## What you need to do:
When the line containing "自然科学の果たすべき役割とは" is found in the data below, copy it and each line after it through the line containing "to a Letter.", exactly and with no others.

## Data:
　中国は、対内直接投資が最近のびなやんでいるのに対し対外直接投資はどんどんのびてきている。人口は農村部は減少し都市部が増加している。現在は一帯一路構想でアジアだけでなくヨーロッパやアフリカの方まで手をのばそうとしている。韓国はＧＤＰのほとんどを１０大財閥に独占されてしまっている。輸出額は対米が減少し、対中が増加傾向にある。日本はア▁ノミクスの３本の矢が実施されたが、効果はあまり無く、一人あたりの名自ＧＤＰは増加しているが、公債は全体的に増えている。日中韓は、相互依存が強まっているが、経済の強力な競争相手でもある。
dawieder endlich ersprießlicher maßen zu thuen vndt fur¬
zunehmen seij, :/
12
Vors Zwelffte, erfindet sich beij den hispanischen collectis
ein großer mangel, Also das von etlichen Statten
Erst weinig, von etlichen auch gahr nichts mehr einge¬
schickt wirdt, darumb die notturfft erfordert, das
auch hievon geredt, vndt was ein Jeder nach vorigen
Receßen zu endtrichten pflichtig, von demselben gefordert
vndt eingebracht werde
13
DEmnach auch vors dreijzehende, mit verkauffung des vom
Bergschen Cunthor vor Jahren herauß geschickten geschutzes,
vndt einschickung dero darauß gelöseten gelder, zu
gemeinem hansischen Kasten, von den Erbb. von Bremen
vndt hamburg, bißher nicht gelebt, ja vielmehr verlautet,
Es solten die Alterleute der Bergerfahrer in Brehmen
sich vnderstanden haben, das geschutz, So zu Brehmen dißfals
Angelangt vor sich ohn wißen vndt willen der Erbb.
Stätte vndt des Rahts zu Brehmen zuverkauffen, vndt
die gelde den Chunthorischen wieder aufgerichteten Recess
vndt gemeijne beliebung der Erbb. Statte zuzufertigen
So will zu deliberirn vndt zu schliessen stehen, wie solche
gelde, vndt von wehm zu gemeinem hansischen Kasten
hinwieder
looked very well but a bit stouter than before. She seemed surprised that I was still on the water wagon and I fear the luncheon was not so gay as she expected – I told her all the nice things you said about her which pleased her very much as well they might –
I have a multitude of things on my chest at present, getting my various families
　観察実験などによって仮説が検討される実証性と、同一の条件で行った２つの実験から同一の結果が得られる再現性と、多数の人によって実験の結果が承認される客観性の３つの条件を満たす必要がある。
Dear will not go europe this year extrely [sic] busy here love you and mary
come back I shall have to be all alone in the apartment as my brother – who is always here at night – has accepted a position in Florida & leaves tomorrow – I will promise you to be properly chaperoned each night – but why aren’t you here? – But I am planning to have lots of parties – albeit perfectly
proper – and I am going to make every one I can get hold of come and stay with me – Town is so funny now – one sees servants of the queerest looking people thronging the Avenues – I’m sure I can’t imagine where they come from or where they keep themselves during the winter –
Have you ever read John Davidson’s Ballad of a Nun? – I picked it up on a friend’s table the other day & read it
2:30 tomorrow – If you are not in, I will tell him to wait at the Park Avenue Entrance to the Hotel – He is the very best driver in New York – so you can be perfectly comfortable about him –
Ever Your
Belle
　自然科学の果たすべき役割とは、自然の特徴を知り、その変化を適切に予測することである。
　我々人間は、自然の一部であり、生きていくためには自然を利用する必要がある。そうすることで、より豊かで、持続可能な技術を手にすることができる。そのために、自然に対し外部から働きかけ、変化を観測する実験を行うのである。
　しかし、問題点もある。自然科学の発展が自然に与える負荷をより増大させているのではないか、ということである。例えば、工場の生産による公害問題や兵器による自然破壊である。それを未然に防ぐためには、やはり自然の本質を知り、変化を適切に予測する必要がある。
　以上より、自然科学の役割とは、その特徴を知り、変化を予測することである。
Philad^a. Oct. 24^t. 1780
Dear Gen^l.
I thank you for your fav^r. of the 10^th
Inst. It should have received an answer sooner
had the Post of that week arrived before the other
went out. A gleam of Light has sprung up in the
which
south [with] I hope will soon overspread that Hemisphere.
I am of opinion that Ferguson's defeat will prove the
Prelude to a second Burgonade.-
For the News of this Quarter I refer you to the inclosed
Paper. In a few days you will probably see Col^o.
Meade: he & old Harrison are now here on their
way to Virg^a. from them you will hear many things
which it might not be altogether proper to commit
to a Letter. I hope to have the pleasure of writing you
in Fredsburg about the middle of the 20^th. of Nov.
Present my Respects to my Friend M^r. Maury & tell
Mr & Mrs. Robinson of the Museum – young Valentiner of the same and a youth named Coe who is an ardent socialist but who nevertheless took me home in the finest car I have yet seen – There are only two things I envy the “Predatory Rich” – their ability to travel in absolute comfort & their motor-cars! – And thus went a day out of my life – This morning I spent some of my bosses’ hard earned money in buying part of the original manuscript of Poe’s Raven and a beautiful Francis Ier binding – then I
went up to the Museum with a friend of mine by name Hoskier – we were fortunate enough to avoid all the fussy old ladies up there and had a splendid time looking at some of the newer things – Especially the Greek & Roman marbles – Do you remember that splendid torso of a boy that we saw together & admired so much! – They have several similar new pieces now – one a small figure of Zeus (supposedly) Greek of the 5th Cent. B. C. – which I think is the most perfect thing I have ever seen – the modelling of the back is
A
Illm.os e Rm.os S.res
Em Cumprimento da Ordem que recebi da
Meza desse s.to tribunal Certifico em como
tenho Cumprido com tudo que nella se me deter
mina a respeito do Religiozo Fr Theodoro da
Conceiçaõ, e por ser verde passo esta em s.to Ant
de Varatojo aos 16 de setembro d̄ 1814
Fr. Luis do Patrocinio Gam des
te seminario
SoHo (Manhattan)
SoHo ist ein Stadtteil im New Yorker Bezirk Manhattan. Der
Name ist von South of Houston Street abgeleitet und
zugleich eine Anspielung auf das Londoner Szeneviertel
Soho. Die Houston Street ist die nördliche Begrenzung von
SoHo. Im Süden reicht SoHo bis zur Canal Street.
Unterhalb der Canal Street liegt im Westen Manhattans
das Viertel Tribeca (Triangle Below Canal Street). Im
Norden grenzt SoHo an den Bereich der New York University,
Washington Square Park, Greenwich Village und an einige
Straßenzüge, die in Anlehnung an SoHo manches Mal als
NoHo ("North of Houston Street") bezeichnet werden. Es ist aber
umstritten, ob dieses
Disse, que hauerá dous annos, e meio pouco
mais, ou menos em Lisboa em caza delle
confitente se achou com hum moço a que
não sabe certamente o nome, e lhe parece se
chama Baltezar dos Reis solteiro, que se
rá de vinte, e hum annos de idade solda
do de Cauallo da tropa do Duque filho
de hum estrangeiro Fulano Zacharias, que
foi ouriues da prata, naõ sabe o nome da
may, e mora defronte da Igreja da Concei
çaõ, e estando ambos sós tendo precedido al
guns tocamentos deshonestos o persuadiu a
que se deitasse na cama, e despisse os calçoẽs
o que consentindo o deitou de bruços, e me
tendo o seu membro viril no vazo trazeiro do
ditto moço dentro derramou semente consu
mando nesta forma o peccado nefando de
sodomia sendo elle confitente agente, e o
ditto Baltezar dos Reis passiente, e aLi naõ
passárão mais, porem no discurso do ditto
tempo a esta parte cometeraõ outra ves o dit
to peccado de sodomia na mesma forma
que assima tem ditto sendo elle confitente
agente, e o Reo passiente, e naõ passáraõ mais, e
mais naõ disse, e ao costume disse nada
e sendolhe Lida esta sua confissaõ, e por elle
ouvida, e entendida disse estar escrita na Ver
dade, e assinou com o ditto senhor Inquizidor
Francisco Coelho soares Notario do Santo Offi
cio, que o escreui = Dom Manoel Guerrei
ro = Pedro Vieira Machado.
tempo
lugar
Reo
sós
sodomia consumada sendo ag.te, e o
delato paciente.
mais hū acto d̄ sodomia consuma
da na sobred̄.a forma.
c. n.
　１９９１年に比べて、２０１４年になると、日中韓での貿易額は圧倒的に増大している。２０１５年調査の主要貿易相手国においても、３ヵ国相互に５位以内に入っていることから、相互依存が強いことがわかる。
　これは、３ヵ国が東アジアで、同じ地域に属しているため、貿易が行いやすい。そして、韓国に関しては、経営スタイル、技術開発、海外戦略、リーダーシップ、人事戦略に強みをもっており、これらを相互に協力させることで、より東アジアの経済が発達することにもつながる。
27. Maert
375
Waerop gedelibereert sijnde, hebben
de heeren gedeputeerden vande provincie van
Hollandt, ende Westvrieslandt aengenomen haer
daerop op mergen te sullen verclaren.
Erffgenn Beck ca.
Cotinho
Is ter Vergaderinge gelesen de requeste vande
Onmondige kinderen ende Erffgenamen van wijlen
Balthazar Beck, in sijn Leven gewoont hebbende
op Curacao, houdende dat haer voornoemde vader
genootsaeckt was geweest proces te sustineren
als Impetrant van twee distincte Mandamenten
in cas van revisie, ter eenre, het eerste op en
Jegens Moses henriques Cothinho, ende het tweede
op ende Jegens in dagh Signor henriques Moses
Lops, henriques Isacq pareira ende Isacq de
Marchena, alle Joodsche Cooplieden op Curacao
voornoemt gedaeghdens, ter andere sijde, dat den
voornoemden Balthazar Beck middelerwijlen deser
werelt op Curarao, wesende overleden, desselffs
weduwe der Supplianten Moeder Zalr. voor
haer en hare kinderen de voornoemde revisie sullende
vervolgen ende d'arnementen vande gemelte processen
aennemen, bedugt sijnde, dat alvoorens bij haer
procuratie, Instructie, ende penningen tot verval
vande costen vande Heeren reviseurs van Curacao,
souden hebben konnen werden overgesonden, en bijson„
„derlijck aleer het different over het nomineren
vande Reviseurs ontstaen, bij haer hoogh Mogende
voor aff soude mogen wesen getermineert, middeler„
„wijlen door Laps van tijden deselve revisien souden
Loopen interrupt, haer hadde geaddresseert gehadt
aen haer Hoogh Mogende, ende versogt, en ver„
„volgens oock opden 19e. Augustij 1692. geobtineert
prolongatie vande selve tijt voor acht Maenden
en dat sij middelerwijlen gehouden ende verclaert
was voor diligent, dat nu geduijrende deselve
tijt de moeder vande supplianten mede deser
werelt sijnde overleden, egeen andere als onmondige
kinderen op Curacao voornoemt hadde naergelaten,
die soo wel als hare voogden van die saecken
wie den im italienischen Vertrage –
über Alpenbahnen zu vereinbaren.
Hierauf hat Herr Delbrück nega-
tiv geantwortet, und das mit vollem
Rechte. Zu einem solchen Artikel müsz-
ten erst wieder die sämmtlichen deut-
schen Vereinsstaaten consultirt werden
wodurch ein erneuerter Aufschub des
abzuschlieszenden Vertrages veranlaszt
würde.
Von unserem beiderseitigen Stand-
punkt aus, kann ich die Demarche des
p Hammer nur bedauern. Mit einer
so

## Solved problem:
　自然科学の果たすべき役割とは、自然の特徴を知り、その変化を適切に予測することである。
　我々人間は、自然の一部であり、生きていくためには自然を利用する必要がある。そうすることで、より豊かで、持続可能な技術を手にすることができる。そのために、自然に対し外部から働きかけ、変化を観測する実験を行うのである。
　しかし、問題点もある。自然科学の発展が自然に与える負荷をより増大させているのではないか、ということである。例えば、工場の生産による公害問題や兵器による自然破壊である。それを未然に防ぐためには、やはり自然の本質を知り、変化を適切に予測する必要がある。
　以上より、自然科学の役割とは、その特徴を知り、変化を予測することである。
Philad^a. Oct. 24^t. 1780
Dear Gen^l.
I thank you for your fav^r. of the 10^th
Inst. It should have received an answer sooner
had the Post of that week arrived before the other
went out. A gleam of Light has sprung up in the
which
south [with] I hope will soon overspread that Hemisphere.
I am of opinion that Ferguson's defeat will prove the
Prelude to a second Burgonade.-
For the News of this Quarter I refer you to the inclosed
Paper. In a few days you will probably see Col^o.
Meade: he & old Harrison are now here on their
way to Virg^a. from them you will hear many things
which it might not be altogether proper to commit
to a Letter. I hope to have the pleasure of writing you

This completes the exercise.